* DATA FOR THIS EXERCISE *
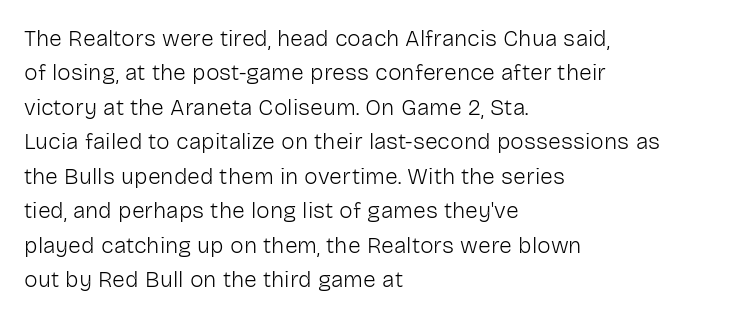
Observe the ordinary spacing: letters are neighbours, not strangers. Only glyphs here, with clear space below each row. Honestly, the row spacing looks completely unremarkable. No letter is thick-stroked: the sample isn't bold.
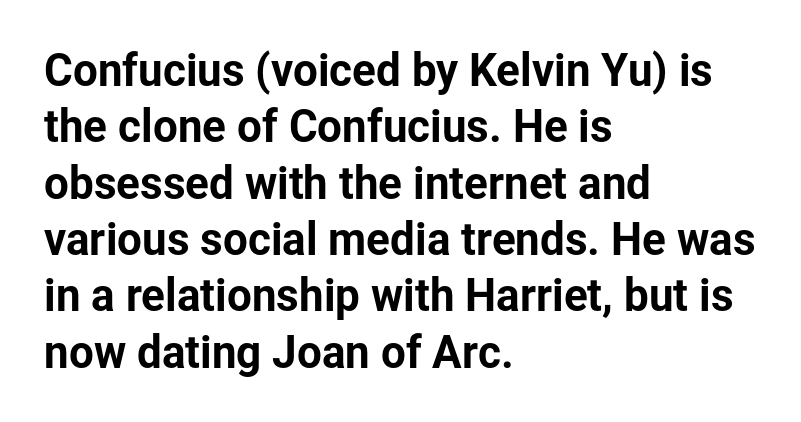
{"serif": "no", "italic": "no", "width": "normal", "stroke_contrast": "low", "x_height": "medium", "monospaced": "no", "underline": "no", "align": "left", "line_spacing": "normal", "line_spacing_ratio": 1.28, "letter_spacing": "normal", "letter_spacing_em": 0.0, "glyph_px": 44}
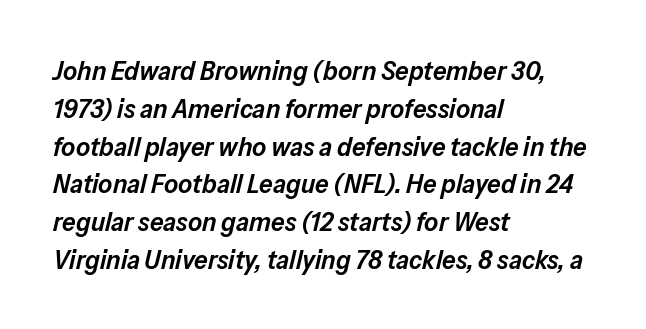
The image shows 27 px text type, italic (leaning right); set left-aligned, normal line spacing (1.4x), normal letter spacing, not underlined.
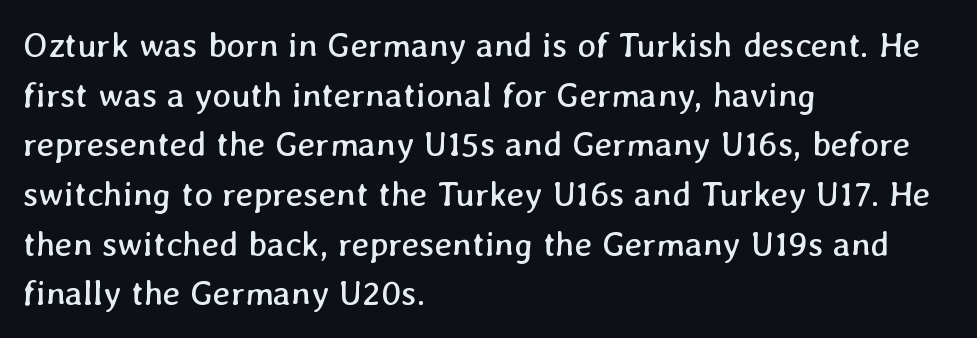
The image shows 35 px regular-weight type; set left-aligned, normal line spacing (1.42x), normal letter spacing, not underlined; low stroke contrast and a medium x-height.
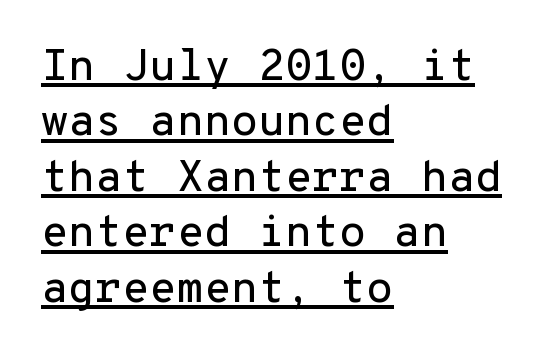
Q: Is the text italic (slanted)? A: No, it is upright.
Q: Is the typeface a serif or a sans-serif typeface? A: Sans-serif.
Q: Is the text underlined? A: Yes.
Q: How is the paragraph aligned? A: Left-aligned.
Q: Is the spacing between letters normal or unusually wide? A: Normal.
Q: Is the spacing between lines tight, normal or loose? A: Normal.
Q: Width (condensed, normal, or wide)? A: Normal.
Q: Stroke contrast? A: Low.
Q: x-height? A: Medium.
Q: Monospaced? A: Yes.
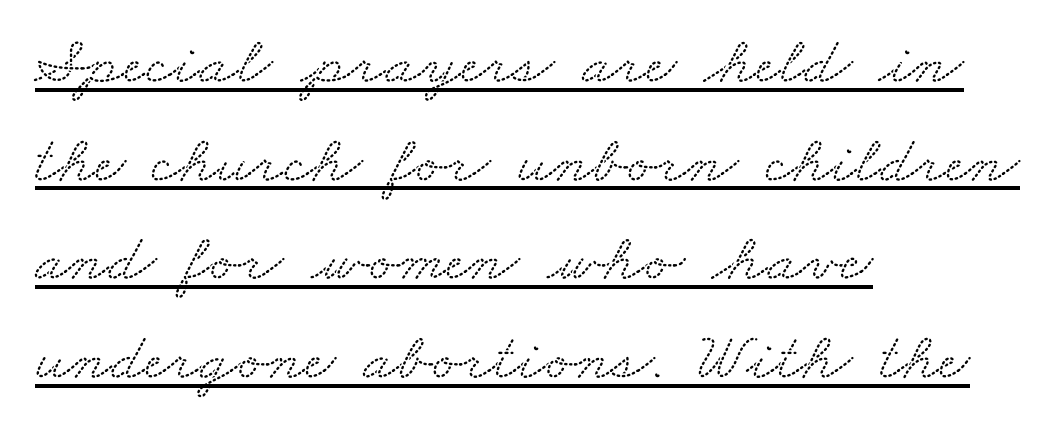
The image shows 68 px wide serif type; set left-aligned, normal line spacing (1.45x), normal letter spacing, underlined; low stroke contrast and a small x-height.
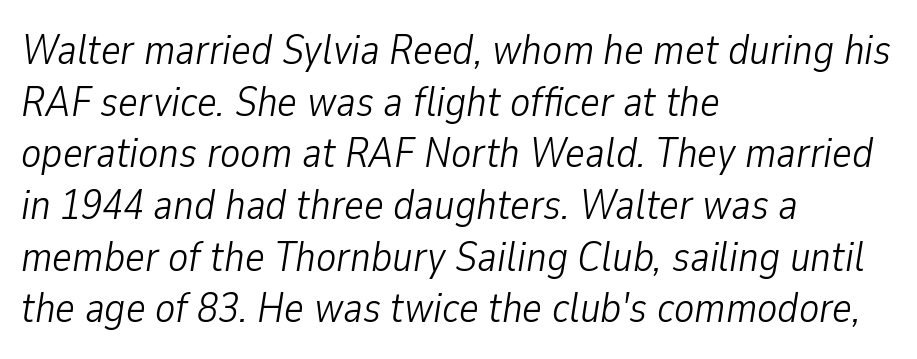
Q: Is the text bold? A: No.
Q: Is the text italic (slanted)? A: Yes, it leans right by about 9 degrees.
Q: Is the text underlined? A: No.
Q: How is the paragraph aligned? A: Left-aligned.
Q: Is the spacing between letters normal or unusually wide? A: Normal.
Q: Width (condensed, normal, or wide)? A: Condensed.
Q: Stroke contrast? A: Low.
Q: x-height? A: Medium.
Q: Monospaced? A: No.
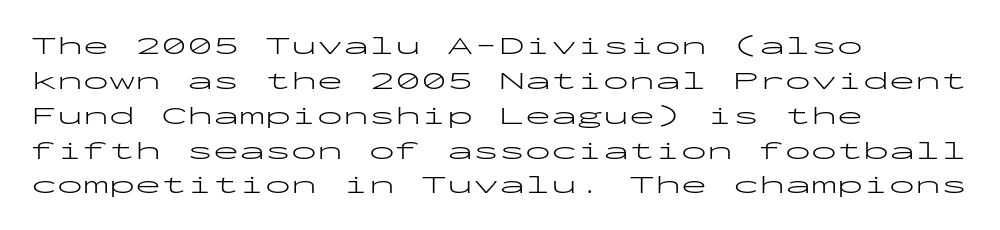
{"italic": "no", "bold": "no", "underline": "no", "align": "left", "line_spacing": "normal", "line_spacing_ratio": 1.34, "letter_spacing": "normal", "letter_spacing_em": 0.0, "glyph_px": 26}
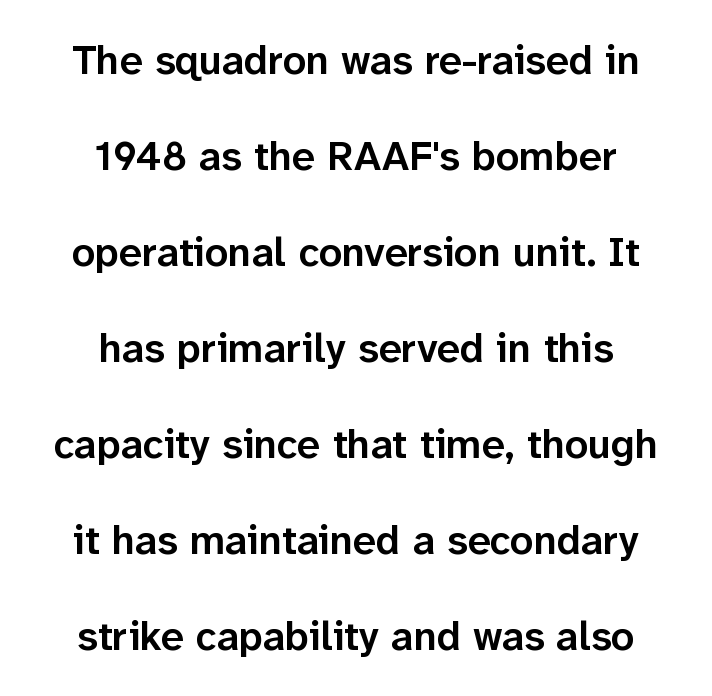
The image shows 41 px semibold sans-serif type, upright; set centered, loose line spacing (2.34x), normal letter spacing, not underlined; low stroke contrast and a medium x-height.
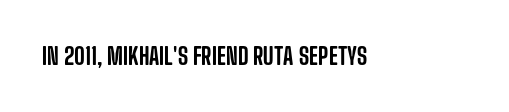
Q: Is the text italic (slanted)? A: No, it is upright.
Q: Is the text underlined? A: No.
Q: Is the spacing between letters normal or unusually wide? A: Normal.
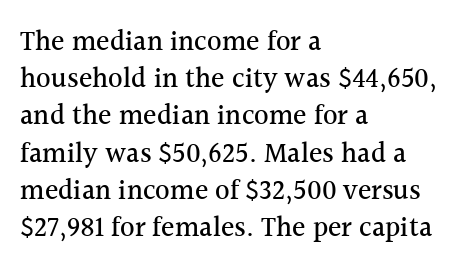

* EXERCISE *
Filter the listing for the word "condensed" and copy each line that has it.

* RESULT BELOW *
Q: Width (condensed, normal, or wide)? A: Normal.
Q: Width (condensed, normal, or wide)? A: Condensed.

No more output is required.